### Work request
Reproduce the data below word for word, setting aside any picture it holds.
-- Opening Marker --
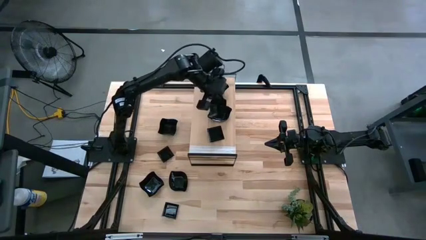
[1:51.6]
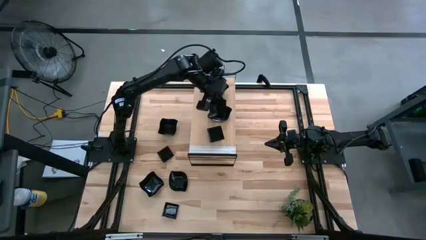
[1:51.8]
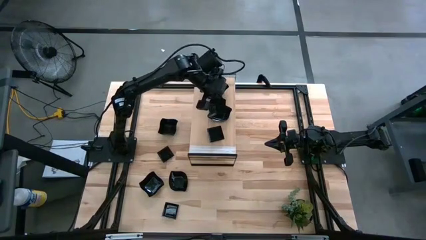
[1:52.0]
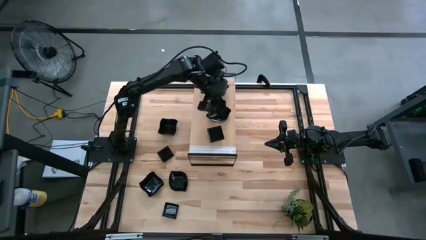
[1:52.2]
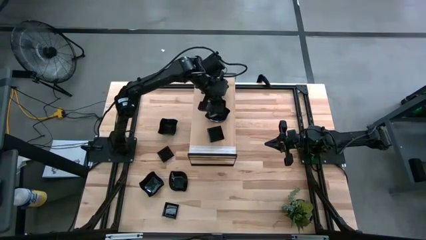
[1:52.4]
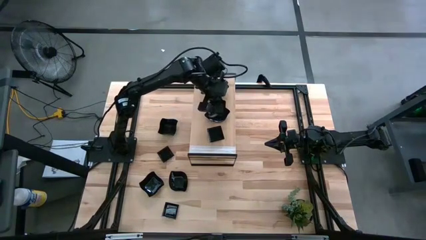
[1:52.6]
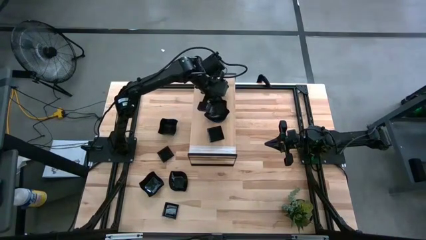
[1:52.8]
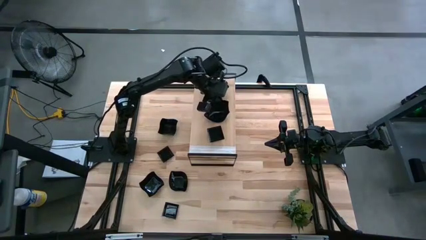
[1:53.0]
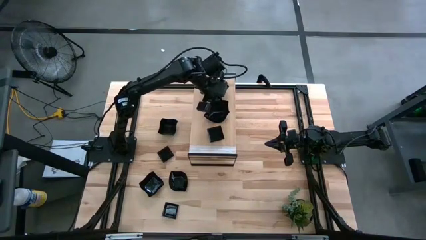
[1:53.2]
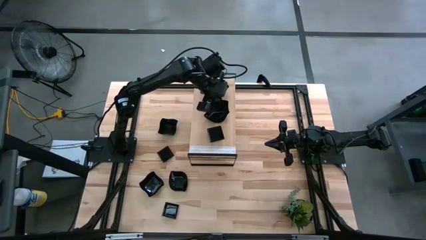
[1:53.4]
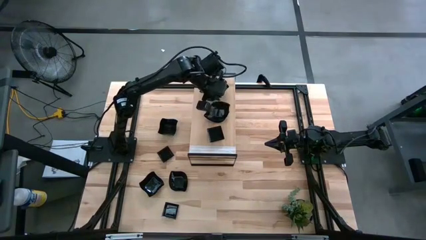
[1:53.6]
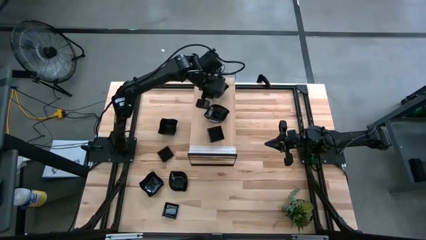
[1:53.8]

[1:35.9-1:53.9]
-- Closing Marker --
### Task response
[1:51.6]
[1:51.8]
[1:52.0]
[1:52.2]
[1:52.4]
[1:52.6]
[1:52.8]
[1:53.0]
[1:53.2]
[1:53.4]
[1:53.6]
[1:53.8]

[1:35.9-1:53.9]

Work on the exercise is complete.